I think that’s great for the country. But it does make you wonder, what happened to this being a core issue to GOP base voters last year?

Did everyone just suddenly change their mind? Are GOP base voters reacting to the same very practical concerns about the party’s longterm future as party elites? Or if Hannity and Marco Rubio say it’s over, is it over? Maybe the whole thing was just overblown by the dynamics of an intense primary fight. I don’t have a really clear answer on this one other than the standard half-cop-out that I think it’s a bit of each.

But what about gay marriage? I was interested to read this piece in Politico over the weekend which noted that Republican operatives see a party switch on gay marriage as a potential major fundraising windfall. In other words, a pro-gay rights stance (or at least not as clearly an anti-gay stance) could give Republican fundraisers purchase on a whole new group of potential political givers.

As a practical matter, that seems like a real possibility. Democrats have done major fundraising among pro-gay rights and gay donors in recent years, though I imagine it’ll take quite a lot of work and change before anyone really thinks that the GOP is a better or even close to equal protector of gay rights than the Democratic party.

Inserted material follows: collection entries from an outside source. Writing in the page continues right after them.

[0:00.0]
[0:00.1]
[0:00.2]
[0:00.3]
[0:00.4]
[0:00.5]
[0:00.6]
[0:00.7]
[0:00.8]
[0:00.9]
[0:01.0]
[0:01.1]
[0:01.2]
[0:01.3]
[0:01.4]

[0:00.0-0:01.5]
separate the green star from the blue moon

But if you’re a base Republican voter or evangelical Christian whose primary orientation toward politics is through the prism of right-leaning evangelical Christianity, this idea that the party is going to make the switch because there are so many fundraising dollars available is one that has to feed into every nightmare and paranoia of elite GOP sellout.

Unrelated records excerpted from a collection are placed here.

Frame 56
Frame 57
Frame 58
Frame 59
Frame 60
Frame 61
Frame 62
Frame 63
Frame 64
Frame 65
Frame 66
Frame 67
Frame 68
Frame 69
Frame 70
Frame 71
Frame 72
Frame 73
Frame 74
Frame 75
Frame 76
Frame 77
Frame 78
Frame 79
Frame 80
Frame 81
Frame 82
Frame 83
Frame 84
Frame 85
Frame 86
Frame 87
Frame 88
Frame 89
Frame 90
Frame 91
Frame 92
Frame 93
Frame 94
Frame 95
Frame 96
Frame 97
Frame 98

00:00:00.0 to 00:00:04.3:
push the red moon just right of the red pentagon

So on all these issues — gay rights, immigration and a slew of others — is there a point where the core constituencies favoring these exclusionary politics dig in their heels and say, no more? Or is the GOP base just a paper tiger? My sense is that it’s not necessarily either in that binary equation, that the whole situation is part of the disorientation of the whole party post-2012 — or from another perspective post-1998.

But I still wonder? Is that it? Does the party leadership just show the way?